## TASK OBJECTIVE
Look through the records and copy every line in which "weight" appears.

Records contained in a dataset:
──────────────────────────────
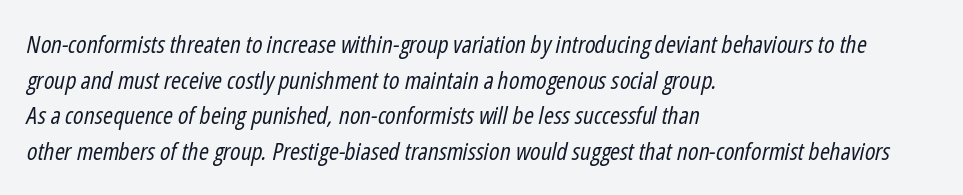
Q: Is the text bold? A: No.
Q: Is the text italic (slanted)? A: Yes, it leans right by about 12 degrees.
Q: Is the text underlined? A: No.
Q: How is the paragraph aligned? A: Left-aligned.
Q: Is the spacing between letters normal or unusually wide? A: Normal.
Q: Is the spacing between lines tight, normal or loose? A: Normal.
──────────────────────────────
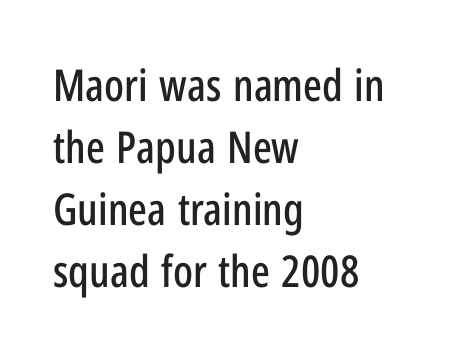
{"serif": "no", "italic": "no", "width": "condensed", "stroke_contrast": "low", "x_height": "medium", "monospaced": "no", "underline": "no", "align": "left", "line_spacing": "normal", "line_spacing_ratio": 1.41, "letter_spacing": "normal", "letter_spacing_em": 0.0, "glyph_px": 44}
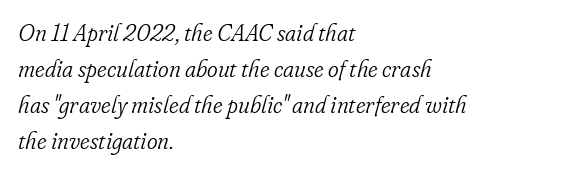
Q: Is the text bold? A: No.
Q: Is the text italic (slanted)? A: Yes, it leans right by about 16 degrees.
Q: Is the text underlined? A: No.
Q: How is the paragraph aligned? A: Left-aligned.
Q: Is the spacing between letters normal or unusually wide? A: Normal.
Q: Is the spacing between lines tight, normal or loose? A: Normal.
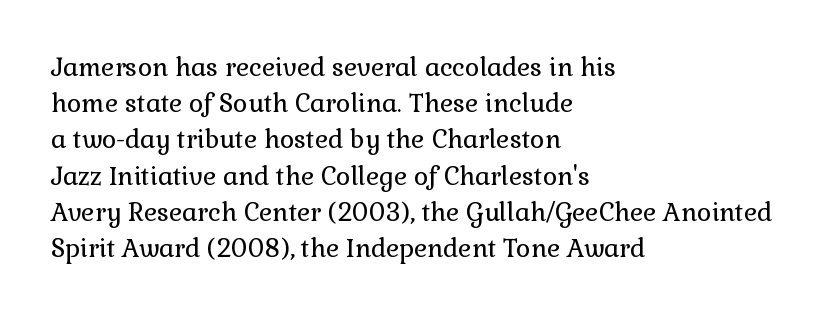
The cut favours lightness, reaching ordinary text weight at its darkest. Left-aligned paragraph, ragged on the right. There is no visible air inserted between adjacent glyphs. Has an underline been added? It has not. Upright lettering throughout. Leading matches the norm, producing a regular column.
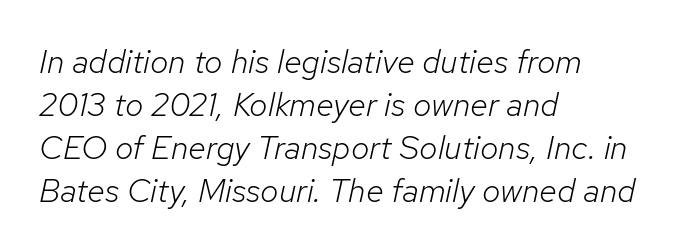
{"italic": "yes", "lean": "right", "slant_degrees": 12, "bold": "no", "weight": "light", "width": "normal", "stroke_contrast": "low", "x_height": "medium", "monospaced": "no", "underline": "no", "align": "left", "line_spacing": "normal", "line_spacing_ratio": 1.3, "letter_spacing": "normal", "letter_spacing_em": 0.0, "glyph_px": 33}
──────────────────────────────
## ANSWER FOR THE TASK
The cut favours lightness, reaching ordinary text weight at its darkest. Left-aligned paragraph, ragged on the right. There is no visible air inserted between adjacent glyphs. Has an underline been added? It has not. Upright lettering throughout. Leading matches the norm, producing a regular column.
{"italic": "yes", "lean": "right", "slant_degrees": 12, "bold": "no", "weight": "light", "width": "normal", "stroke_contrast": "low", "x_height": "medium", "monospaced": "no", "underline": "no", "align": "left", "line_spacing": "normal", "line_spacing_ratio": 1.3, "letter_spacing": "normal", "letter_spacing_em": 0.0, "glyph_px": 33}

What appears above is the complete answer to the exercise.